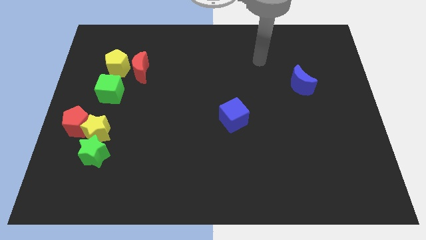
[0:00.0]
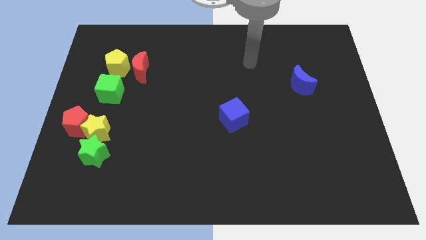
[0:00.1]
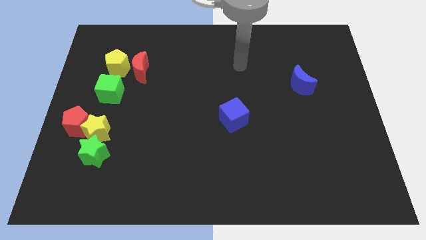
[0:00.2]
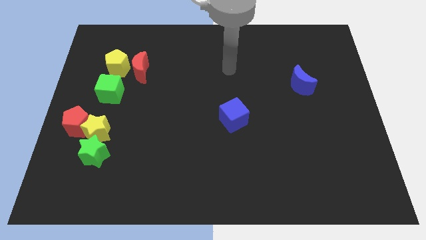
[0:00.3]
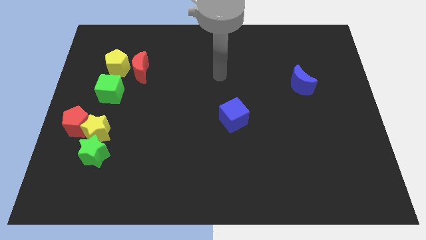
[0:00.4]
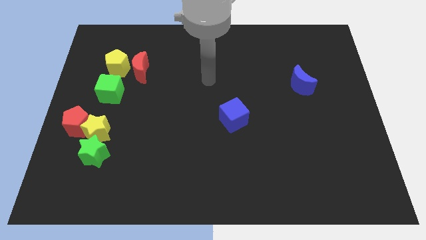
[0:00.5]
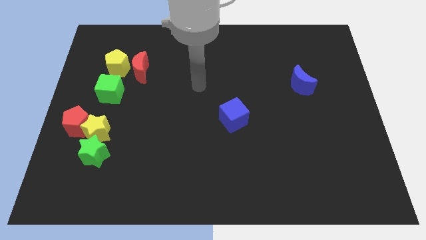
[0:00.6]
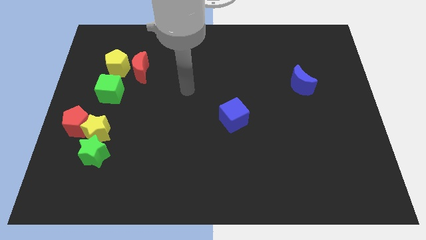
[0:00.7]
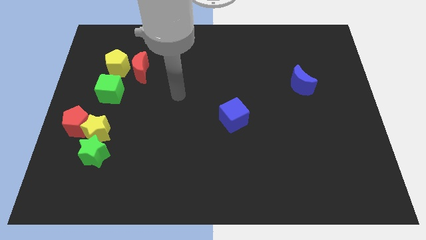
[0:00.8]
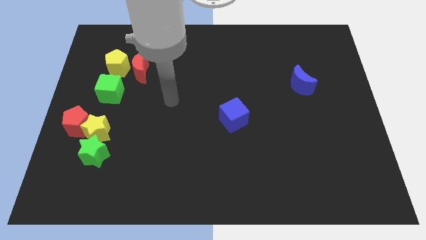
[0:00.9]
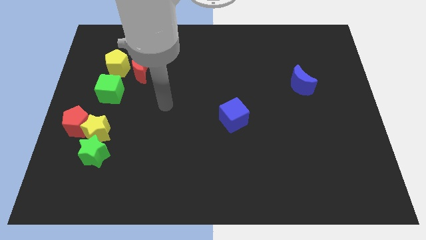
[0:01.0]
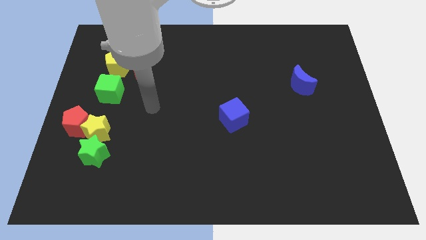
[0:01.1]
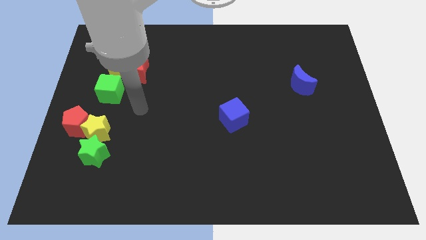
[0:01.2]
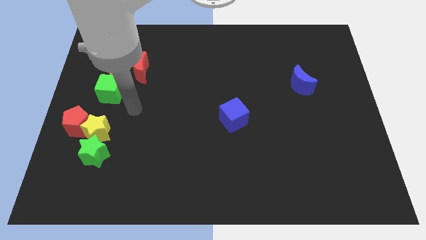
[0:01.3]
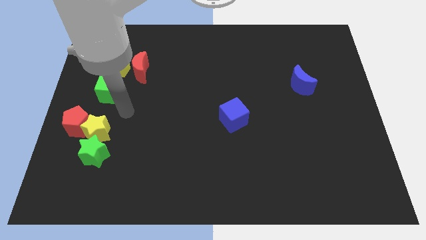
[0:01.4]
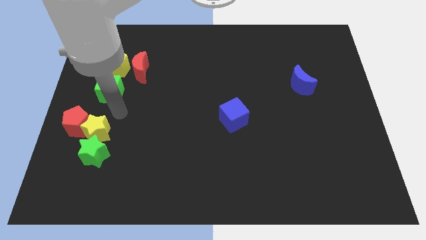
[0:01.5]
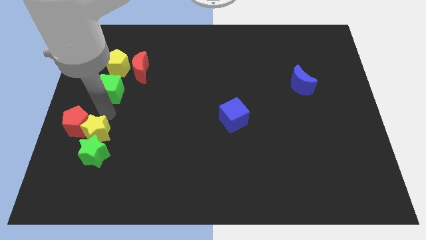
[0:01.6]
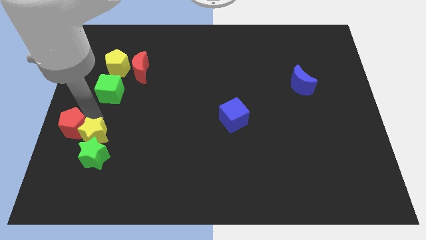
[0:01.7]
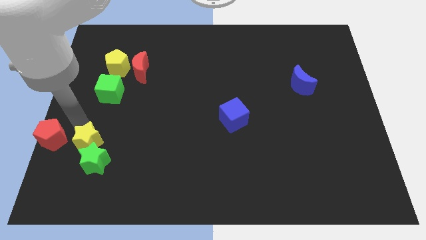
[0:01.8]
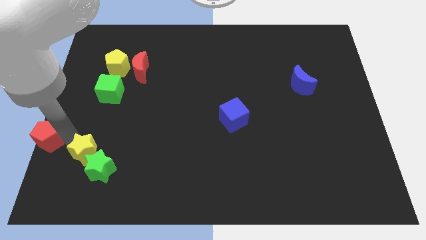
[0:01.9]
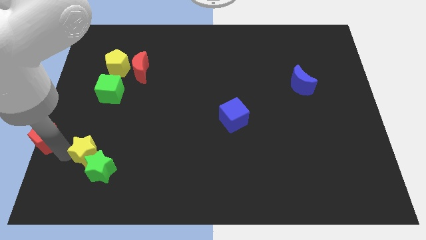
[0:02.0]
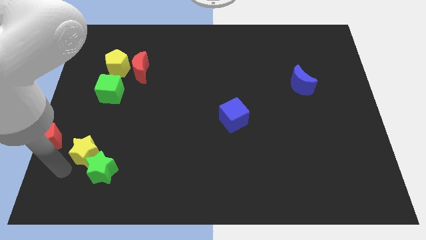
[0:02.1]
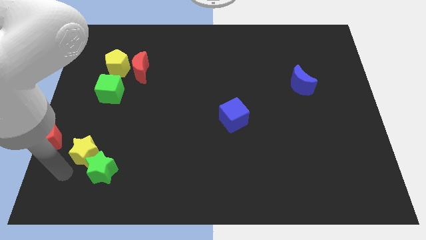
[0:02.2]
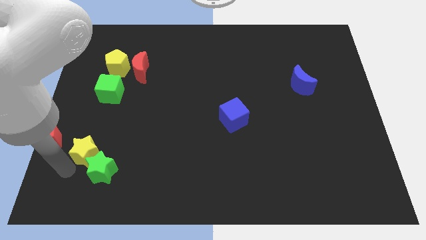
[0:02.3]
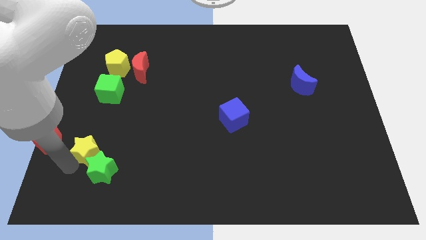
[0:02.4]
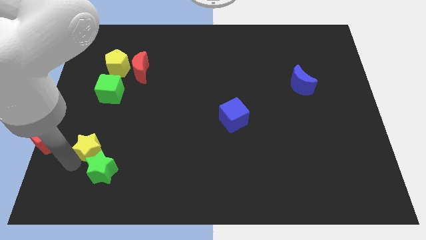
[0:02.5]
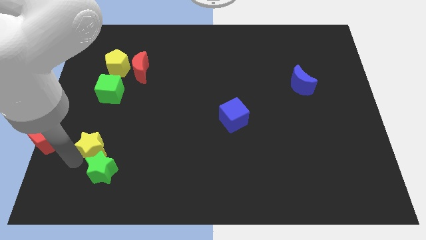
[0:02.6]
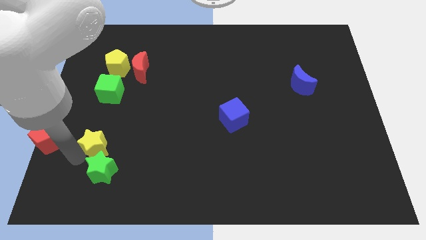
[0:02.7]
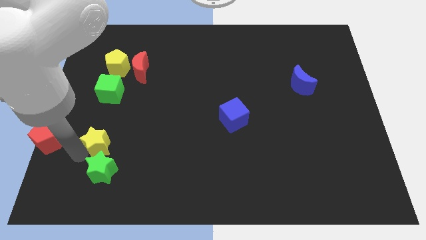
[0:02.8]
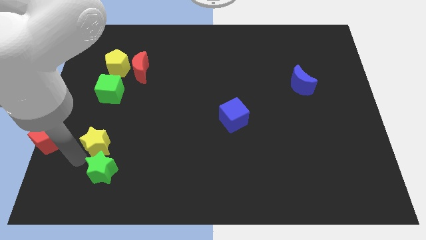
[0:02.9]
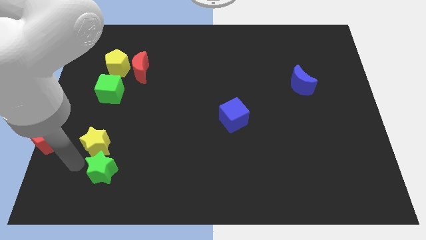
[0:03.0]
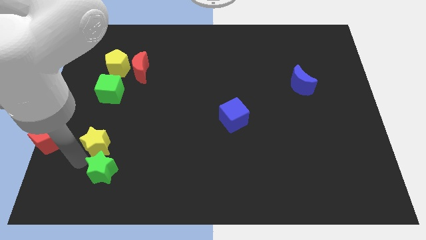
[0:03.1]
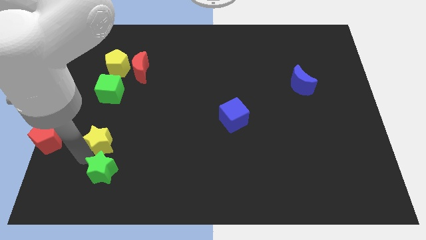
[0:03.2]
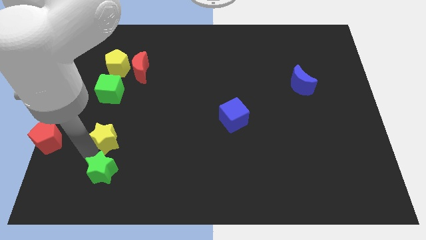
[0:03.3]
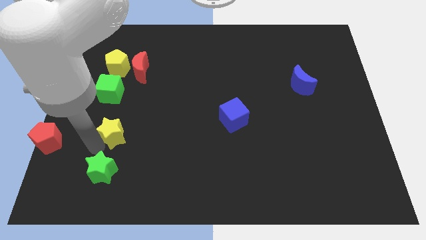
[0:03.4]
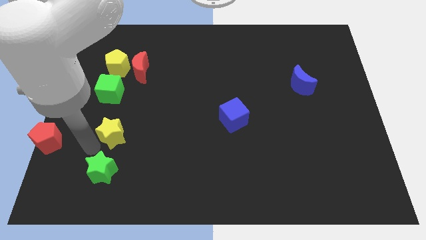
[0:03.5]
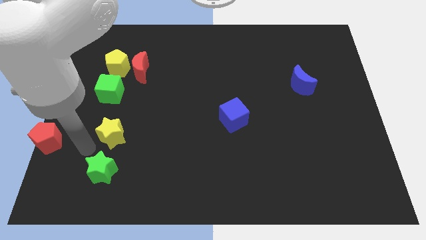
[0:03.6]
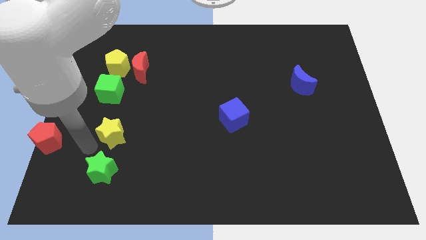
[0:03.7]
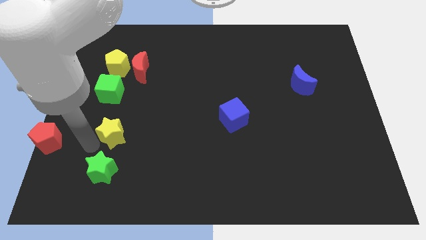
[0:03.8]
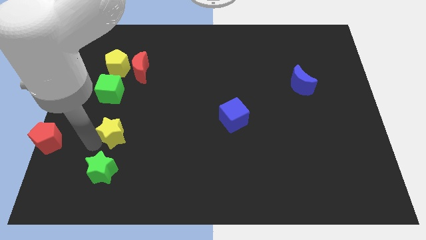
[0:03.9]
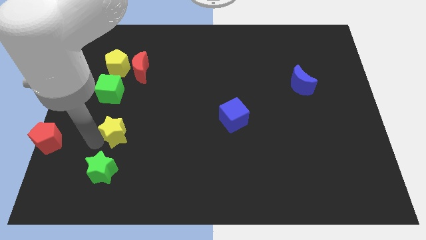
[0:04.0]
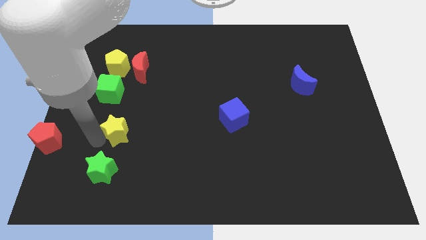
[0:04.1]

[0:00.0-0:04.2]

# # # #

An exact copy of the records above is needed, with the pictures removed.

[0:00.0]
[0:00.1]
[0:00.2]
[0:00.3]
[0:00.4]
[0:00.5]
[0:00.6]
[0:00.7]
[0:00.8]
[0:00.9]
[0:01.0]
[0:01.1]
[0:01.2]
[0:01.3]
[0:01.4]
[0:01.5]
[0:01.6]
[0:01.7]
[0:01.8]
[0:01.9]
[0:02.0]
[0:02.1]
[0:02.2]
[0:02.3]
[0:02.4]
[0:02.5]
[0:02.6]
[0:02.7]
[0:02.8]
[0:02.9]
[0:03.0]
[0:03.1]
[0:03.2]
[0:03.3]
[0:03.4]
[0:03.5]
[0:03.6]
[0:03.7]
[0:03.8]
[0:03.9]
[0:04.0]
[0:04.1]

[0:00.0-0:04.2]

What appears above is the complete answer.